Find the radius of convergence and coefficients of the power series for function $$F(z) = \sum^\infty_{n=1} \frac{z^n}{(1-z^n)^2} = \sum^\infty_{n=1} f_n(z) $$ for $z\in \mathbb{C}$.
sketch: Power series:
$\sum^\infty_{n=1} \frac{z^n}{(1-z^n)^2} = \sum^\infty_{n=1} \sum^\infty_{i=1} i z^{in} =\sum^\infty_{n=1} a_n z^n$.
I am no sure how to represent simplify these coefficients.
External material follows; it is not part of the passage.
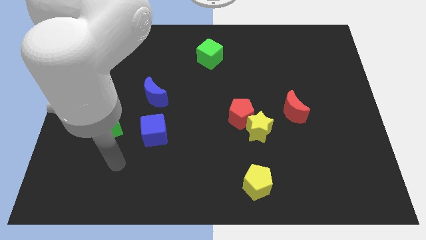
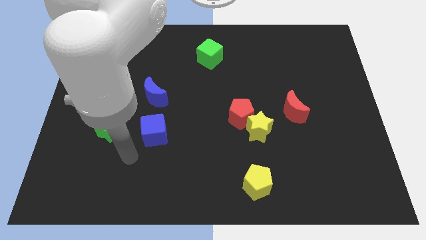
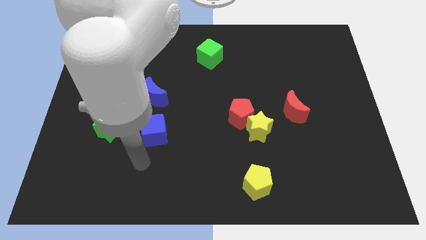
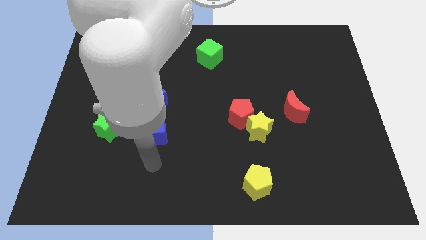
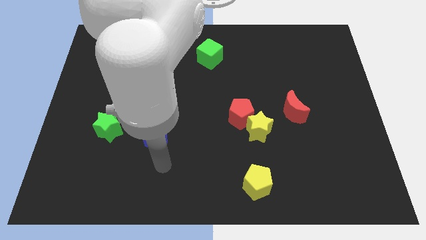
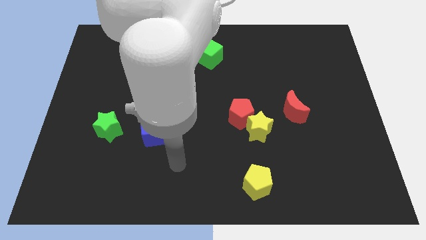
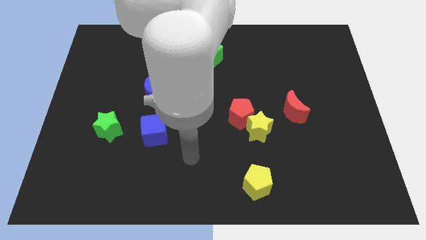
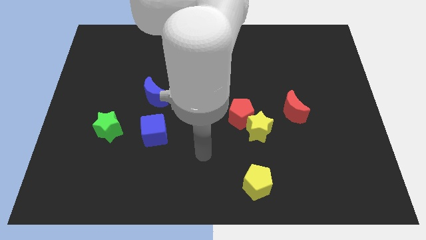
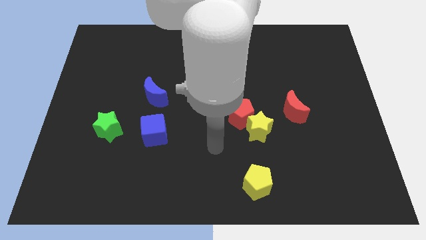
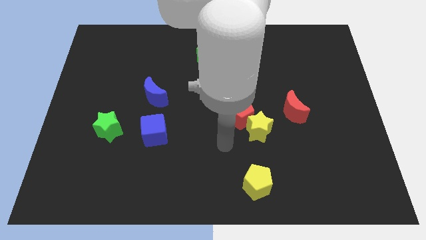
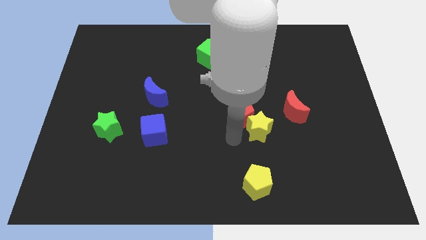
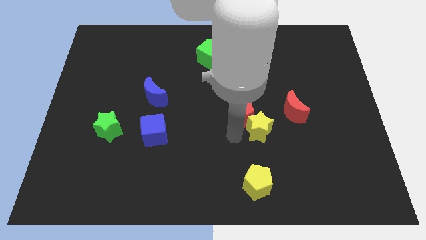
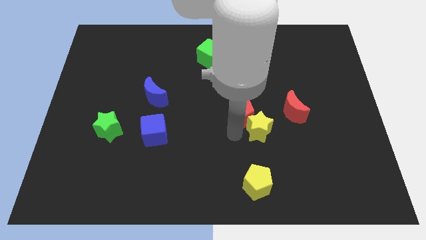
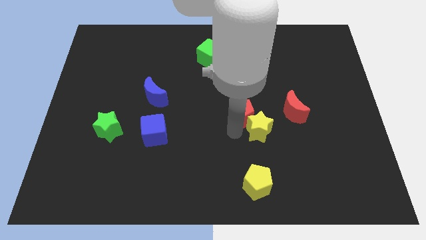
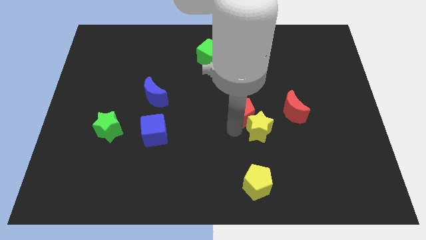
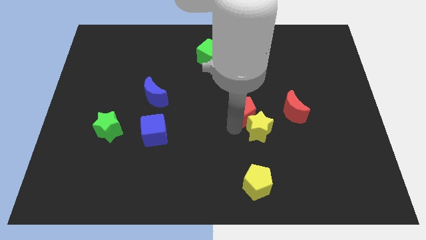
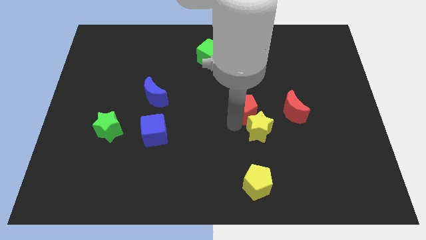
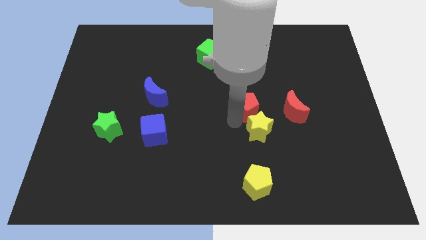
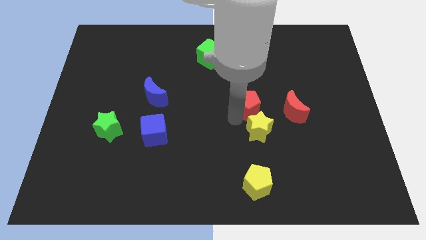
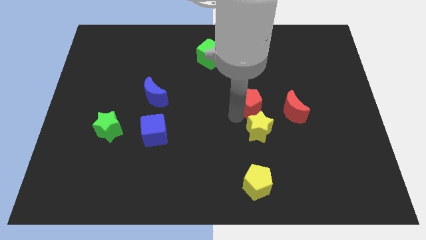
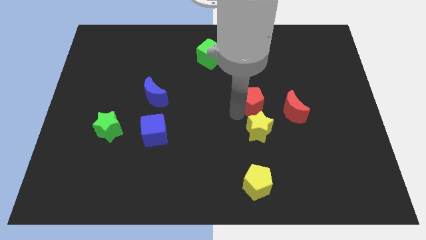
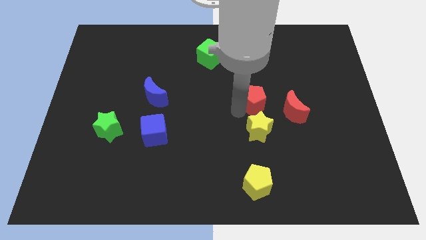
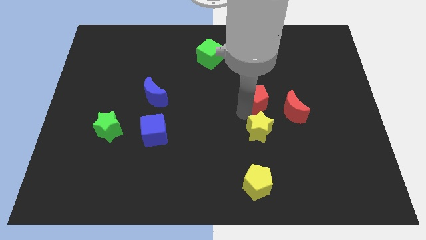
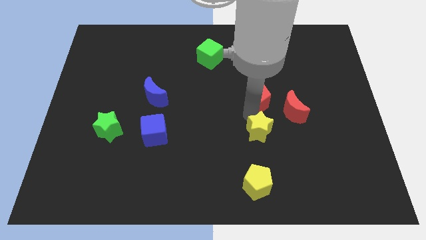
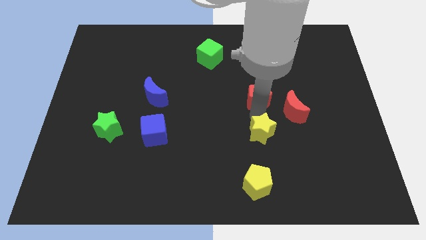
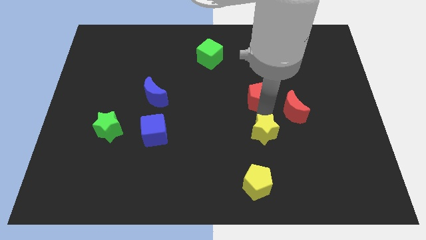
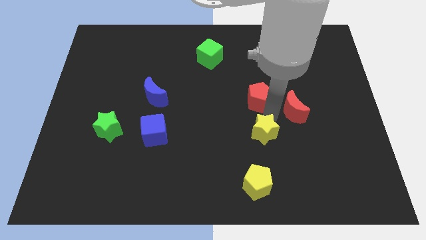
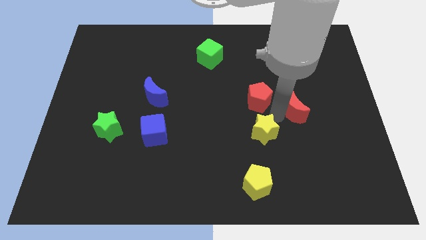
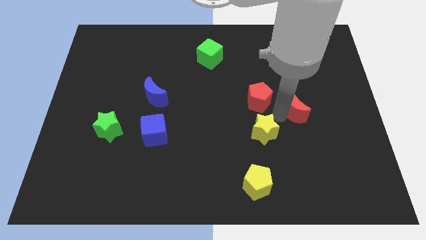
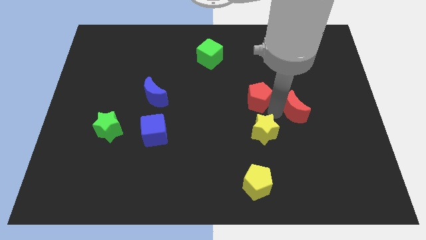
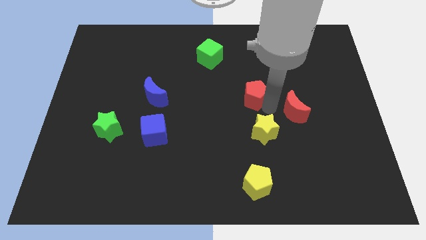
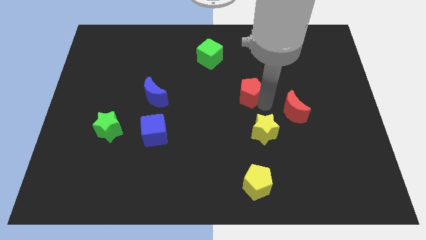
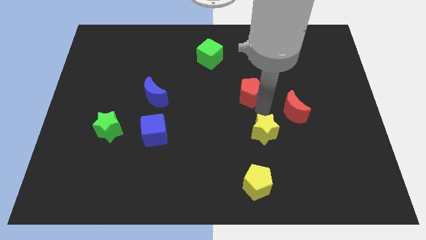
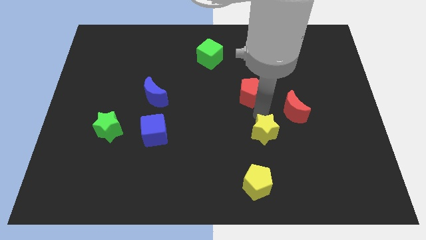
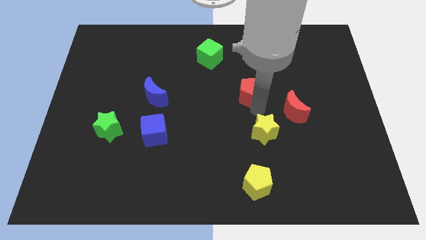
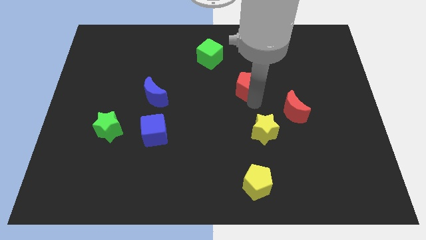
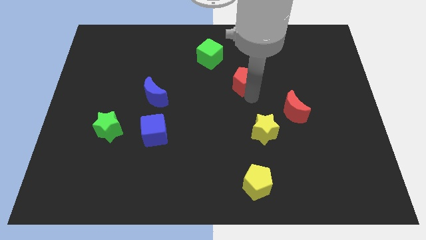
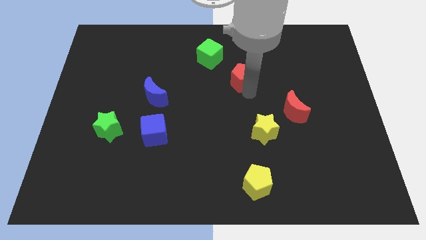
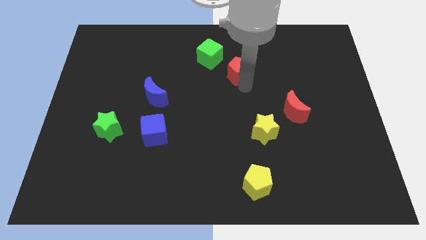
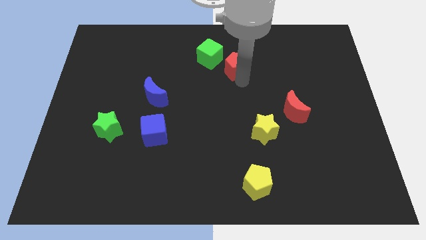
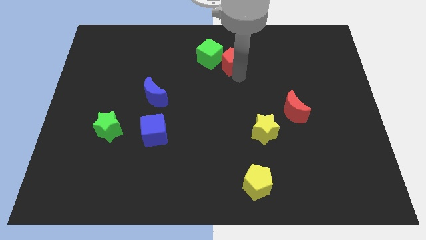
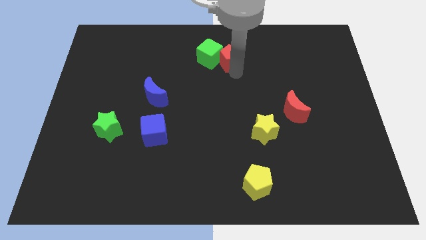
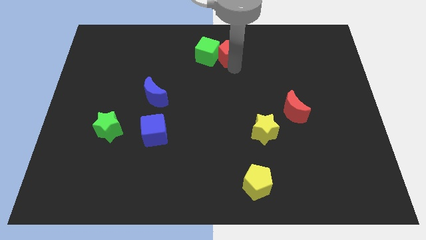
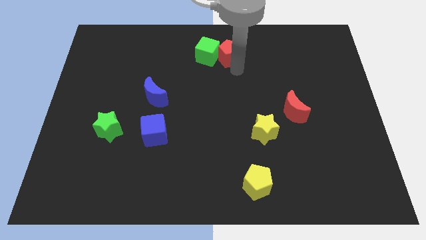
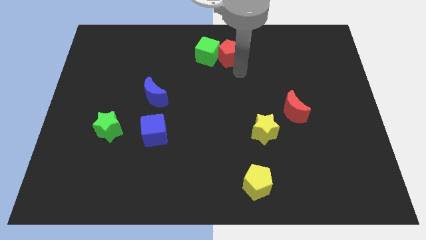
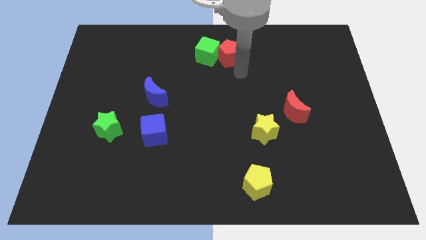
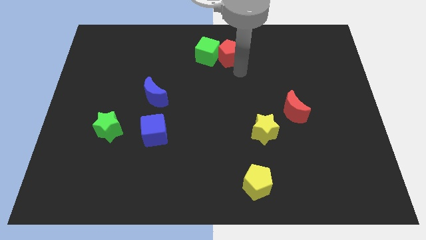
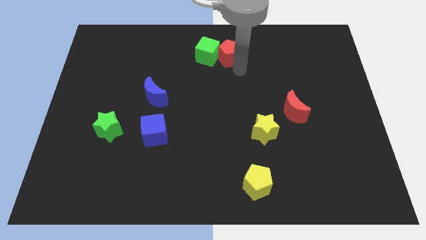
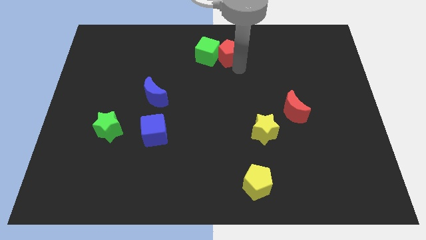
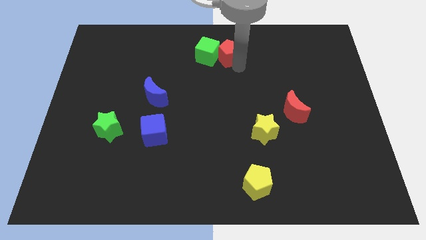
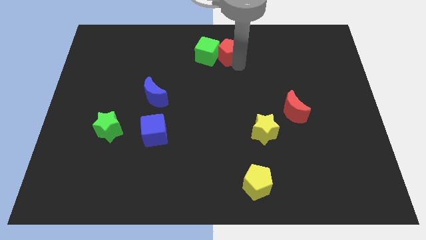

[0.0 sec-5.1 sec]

Radius: Function $f_n(z)$ are homomorphic for disk and series $F(z)$ are almost convergence on this disk. So this series represented homomorphic function. Imply that radius of convergence searching power series is $R \leq 1$ When we used simple case where $z=1$ that conditions of convergence does not happen. We have $R(F) = 1$.
Please check my solution and maybe you have idea how to simplify these coefficients?
$a_n = $ sum of divisors of $n$ (including $1$ and $n$).
Think about it. For, e.g., $n=4$ you have the possibilities $(1,3),(2,2),(3,1)$ for $(n,i)$. Summing up the second components is exactly the sum of divisors of $n=4$.
See here: https://en.wikipedia.org/wiki/Divisor_function
And since $1\le a_n\le 1+2+\ldots+n = \frac{n(n+1)}2\le n^2$, and thus $1\le\sqrt[n]{a_n}\le\sqrt[n]{n^2}$, it follows that the radius of convergence is $1$.